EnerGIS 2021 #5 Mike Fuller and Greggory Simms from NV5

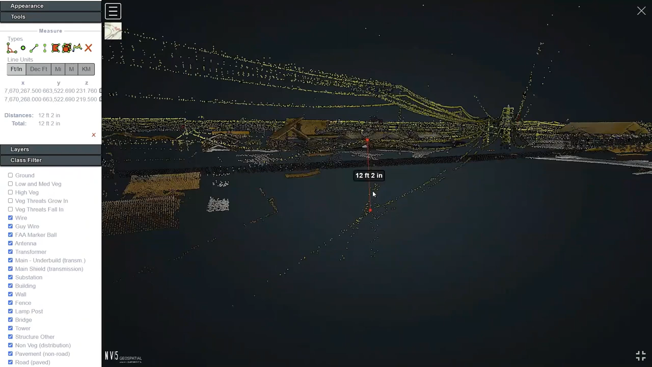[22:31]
But all that is available within 3D point cloud. So, we can provide not only analytics, but also provide some basic measurement tools within the cloud.
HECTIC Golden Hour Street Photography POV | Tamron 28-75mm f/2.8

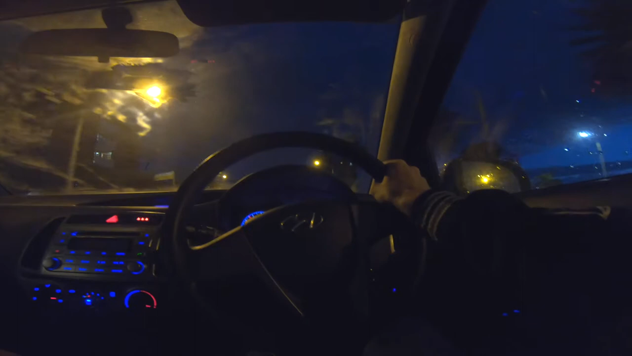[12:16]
Okay, I'm driving through St. Kilda. Back there was actually Hotel Esplanade. And you can see up here is Luna Park.
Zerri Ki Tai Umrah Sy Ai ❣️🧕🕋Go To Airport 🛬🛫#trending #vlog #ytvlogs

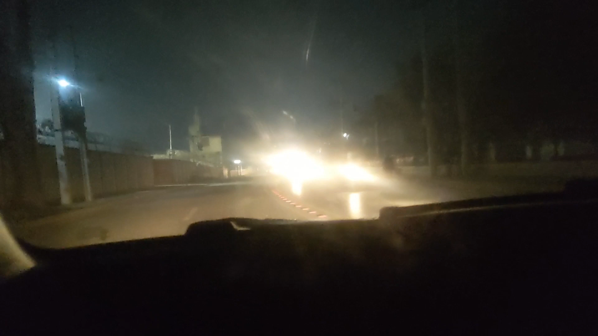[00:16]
چوک میں تو پھر انشاءاللہ آگے ان کی کیری جا رہی ہے جو آپس میں جو لینے جا رہے تھے دیری لوگ تو تو ویسی
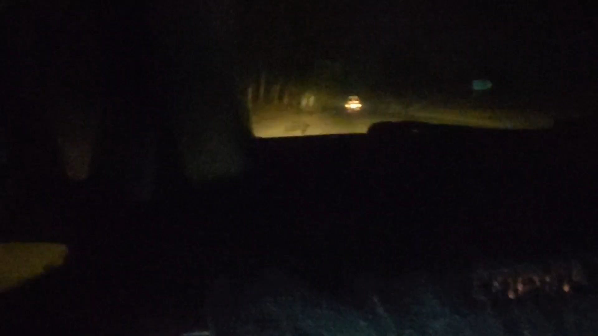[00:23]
ہم گھوم پھر گئے ہیں ان کو بھی لیں وہ سامنے ان کی کیری جا رہی ہے ابھی ہم سنجوال روڈ پہ پہنچ گئے ہیں
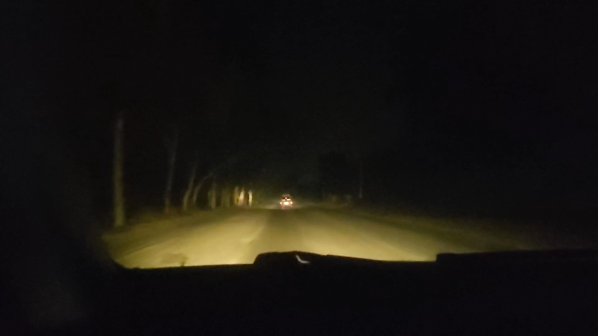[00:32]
میں نے چھوڑے چھوڑے شاوٹ ہی بنائے ہیں سنجوال روڈ پہ پہنچ ہیں یہ بہت ڈرانی روڈ ہے پھر اس کے بعد ابھی ہم پہنچیں گے یہ ٹول پلازے پہ یہ ابھی برانڈ ٹول پلازے ہے برانڈ ٹول پلازے پہ بھی در ان کو ٹیکس دیں گے جو بھی بات ہوتی ہے ان کی آپ کو تو پتہ ہے
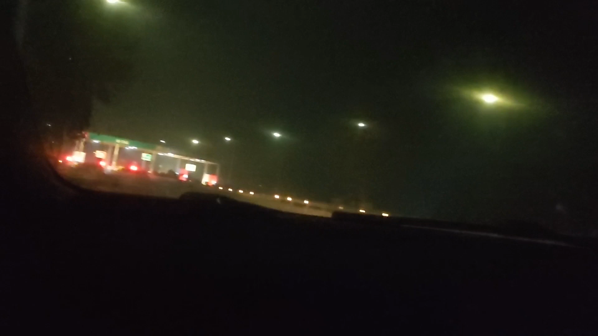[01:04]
سائیڈ ہونے ہو لے سامنے موٹر وی ٹول پلازے پہ بھی بھی ٹول پلازے پہ بھی بھی ٹول پلازے پہ بھی دیں گے پھر موٹر وی انٹر ہو کے تو پھر انشاءاللہ جو بھی بات
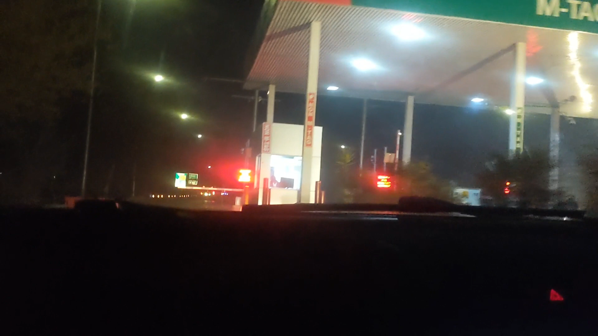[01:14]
ہے پھر میں آپ کو بتاؤں گا چھنے میں ہیں اور موٹر وی پہ ٹول ٹیکس دے کے پھر انشاءاللہ آپ کی آگے نکلیں گے کیونکہ
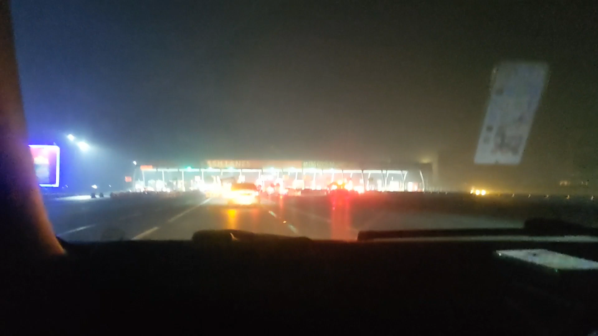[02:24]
جے جے بھی ہم ٹاک شاپ سے چیزیں لی ہیں تو پٹرول پام جو آتا ہے وہ اینڈنگ کے نزدیک ہی ہے تو ابھی ہم اسلامباد انٹر ہونے والے ہیں

About this exercise
What the task needs is the material above repeated exactly, pictures excepted.

Task response
EnerGIS 2021 #5 Mike Fuller and Greggory Simms from NV5

[22:31]
But all that is available within 3D point cloud. So, we can provide not only analytics, but also provide some basic measurement tools within the cloud.
HECTIC Golden Hour Street Photography POV | Tamron 28-75mm f/2.8

[12:16]
Okay, I'm driving through St. Kilda. Back there was actually Hotel Esplanade. And you can see up here is Luna Park.
Zerri Ki Tai Umrah Sy Ai ❣️🧕🕋Go To Airport 🛬🛫#trending #vlog #ytvlogs

[00:16]
چوک میں تو پھر انشاءاللہ آگے ان کی کیری جا رہی ہے جو آپس میں جو لینے جا رہے تھے دیری لوگ تو تو ویسی
[00:23]
ہم گھوم پھر گئے ہیں ان کو بھی لیں وہ سامنے ان کی کیری جا رہی ہے ابھی ہم سنجوال روڈ پہ پہنچ گئے ہیں
[00:32]
میں نے چھوڑے چھوڑے شاوٹ ہی بنائے ہیں سنجوال روڈ پہ پہنچ ہیں یہ بہت ڈرانی روڈ ہے پھر اس کے بعد ابھی ہم پہنچیں گے یہ ٹول پلازے پہ یہ ابھی برانڈ ٹول پلازے ہے برانڈ ٹول پلازے پہ بھی در ان کو ٹیکس دیں گے جو بھی بات ہوتی ہے ان کی آپ کو تو پتہ ہے
[01:04]
سائیڈ ہونے ہو لے سامنے موٹر وی ٹول پلازے پہ بھی بھی ٹول پلازے پہ بھی بھی ٹول پلازے پہ بھی دیں گے پھر موٹر وی انٹر ہو کے تو پھر انشاءاللہ جو بھی بات
[01:14]
ہے پھر میں آپ کو بتاؤں گا چھنے میں ہیں اور موٹر وی پہ ٹول ٹیکس دے کے پھر انشاءاللہ آپ کی آگے نکلیں گے کیونکہ
[02:24]
جے جے بھی ہم ٹاک شاپ سے چیزیں لی ہیں تو پٹرول پام جو آتا ہے وہ اینڈنگ کے نزدیک ہی ہے تو ابھی ہم اسلامباد انٹر ہونے والے ہیں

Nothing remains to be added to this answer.